Records drawn from a dataset

»»

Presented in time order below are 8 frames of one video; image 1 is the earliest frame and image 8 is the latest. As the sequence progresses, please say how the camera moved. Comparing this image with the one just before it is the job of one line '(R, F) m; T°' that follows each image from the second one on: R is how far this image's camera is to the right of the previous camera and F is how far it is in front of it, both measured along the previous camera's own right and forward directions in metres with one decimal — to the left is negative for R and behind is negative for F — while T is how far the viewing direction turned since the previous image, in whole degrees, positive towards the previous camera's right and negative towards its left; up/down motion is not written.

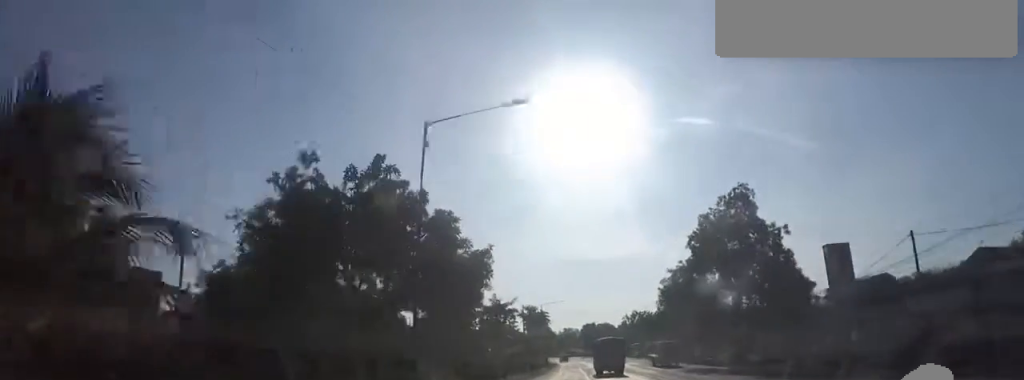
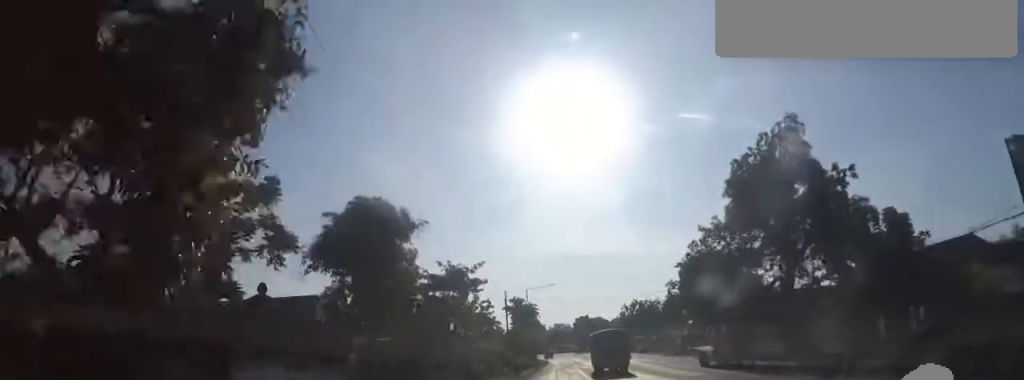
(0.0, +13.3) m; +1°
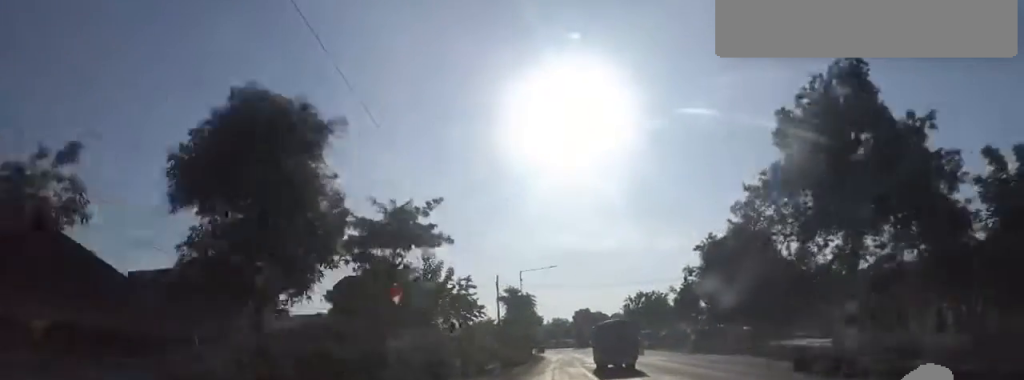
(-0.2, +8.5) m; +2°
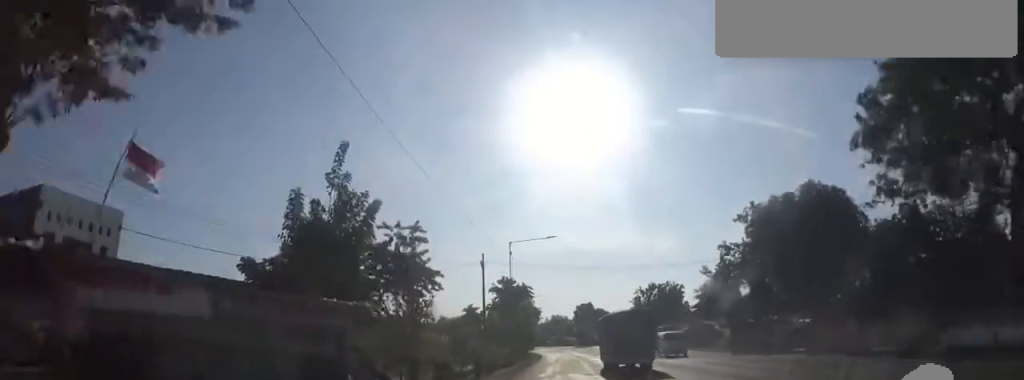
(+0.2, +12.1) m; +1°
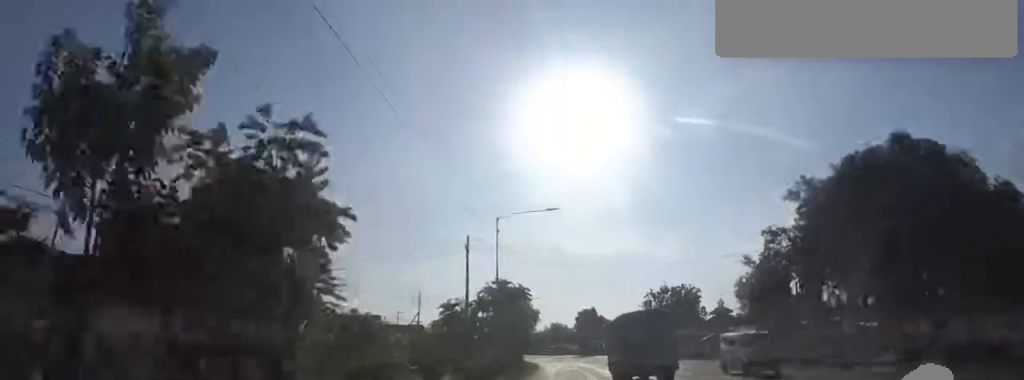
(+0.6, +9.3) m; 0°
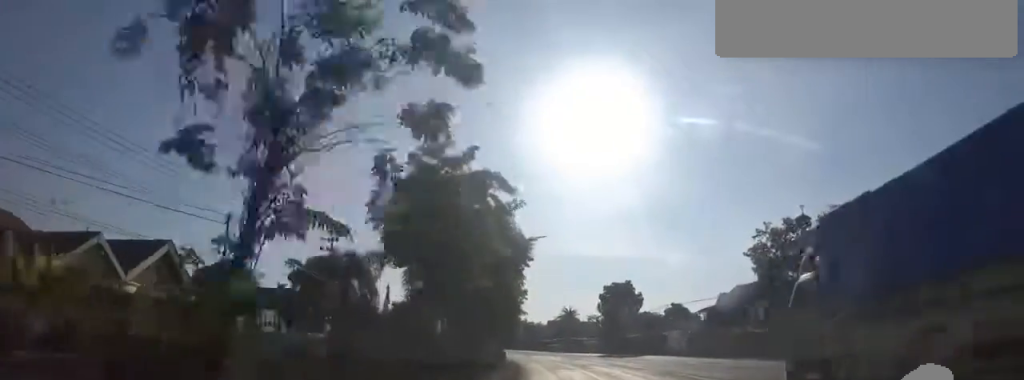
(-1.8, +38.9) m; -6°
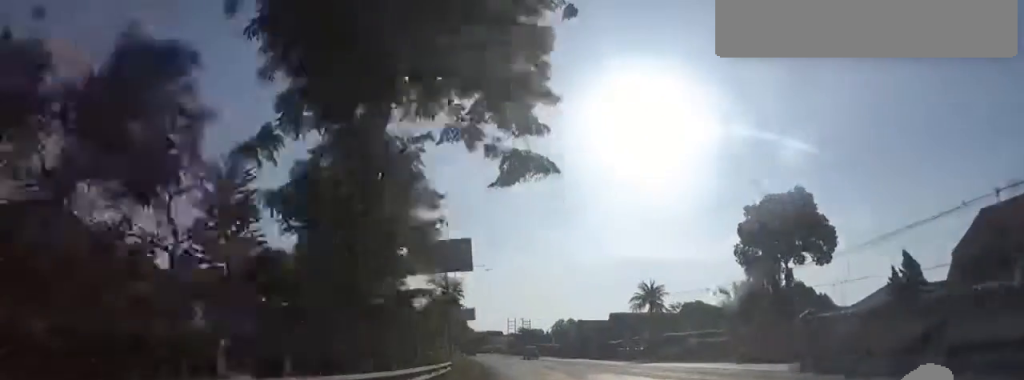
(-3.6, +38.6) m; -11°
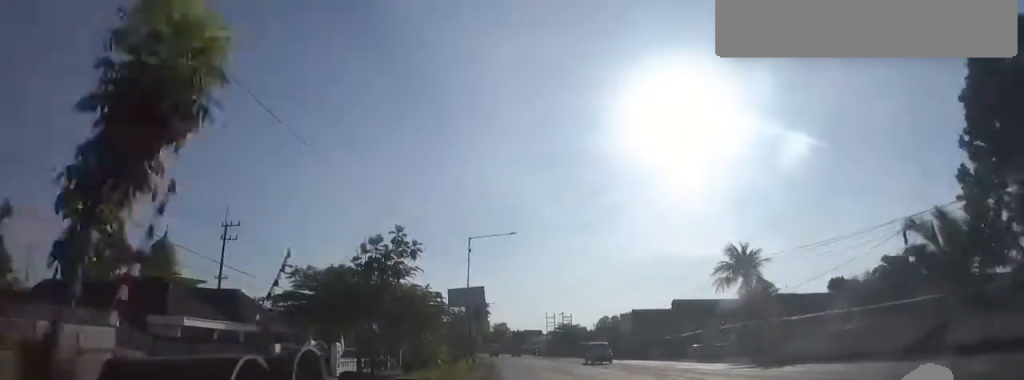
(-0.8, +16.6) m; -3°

««

What you have to do
Each line above is to be copied exactly, and the pictures are to be dropped.

Response to the task
Presented in time order below are 8 frames of one video; image 1 is the earliest frame and image 8 is the latest. As the sequence progresses, please say how the camera moved. Comparing this image with the one just before it is the job of one line '(R, F) m; T°' that follows each image from the second one on: R is how far this image's camera is to the right of the previous camera and F is how far it is in front of it, both measured along the previous camera's own right and forward directions in metres with one decimal — to the left is negative for R and behind is negative for F — while T is how far the viewing direction turned since the previous image, in whole degrees, positive towards the previous camera's right and negative towards its left; up/down motion is not written.

(0.0, +13.3) m; +1°
(-0.2, +8.5) m; +2°
(+0.2, +12.1) m; +1°
(+0.6, +9.3) m; 0°
(-1.8, +38.9) m; -6°
(-3.6, +38.6) m; -11°
(-0.8, +16.6) m; -3°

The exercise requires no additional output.